Awesome
Catalyst
Catalyst is text mining software designed to help automatically process data collected by Harvester and add useful information to LookingGlass archives.
Dependencies
- rails
- ruby
- openjdk-8-jdk
- openjdk-8-jre
- libcurl3
- libcurl3-gnutls
- libcurl4-openssl-dev
- sqlite3
- hunspell
- libidn11-dev
- libsqlite3-dev
- DocManager
- Stanford NER
Setup
Install Dependencies
Please install DocManager (https://github.com/TransparencyToolkit/DocManager) and LookingGlass (https://github.com/TransparencyToolkit/LookingGlass) first. If you have DocManager and LookingGlass, you will already have the correct version of many dependencies.

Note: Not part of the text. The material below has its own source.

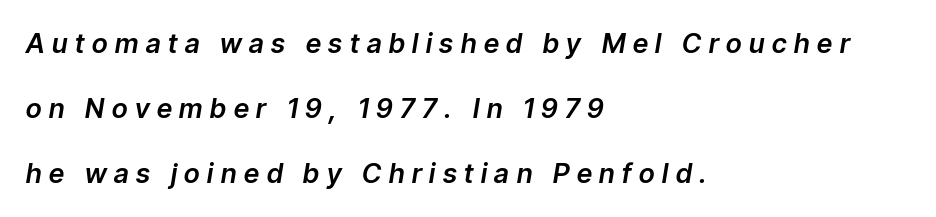
{"italic": "yes", "lean": "right", "slant_degrees": 9, "underline": "no", "align": "left", "line_spacing": "loose", "line_spacing_ratio": 2.41, "letter_spacing": "wide", "letter_spacing_em": 0.28, "glyph_px": 27}

Aside from installing LookingGlass and DocManager, you should run-
apt-get install openjdk-8-jdk openjdk-8-jre libcurl3 libcurl3-gnutls \
libcurl4-openssl-dev sqlite3
Download Stanford NER
Download and unzip Stanford NER from https://nlp.stanford.edu/software/CRF-NER.html#Download
Install Gems
bundle install
If cld
fails to install, you may need to run: CFLAGS="-Wno-narrowing" CXXFLAGS="$CFLAGS" gem install cld
Setup database
rake db:create
rake db:reset
Preparing to Run Catalyst
Start DocManager and (optionally) LookingGlass
Please see the LG and DocManager repos for current instructions-
Start Named Entity Recognition
cd into the stanford-ner directory, then run-
java -mx1000m -cp stanford-ner.jar:lib/* edu.stanford.nlp.ie.NERServer \
-loadClassifier classifiers/english.all.3class.distsim.crf.ser.gz \
-port 9002 -outputFormat inlineXML
Start Catalyst
From the Catalyst repository directory, run:
rails server -p 9004
Run Catalyst
Run a script that tells Catalyst what to do.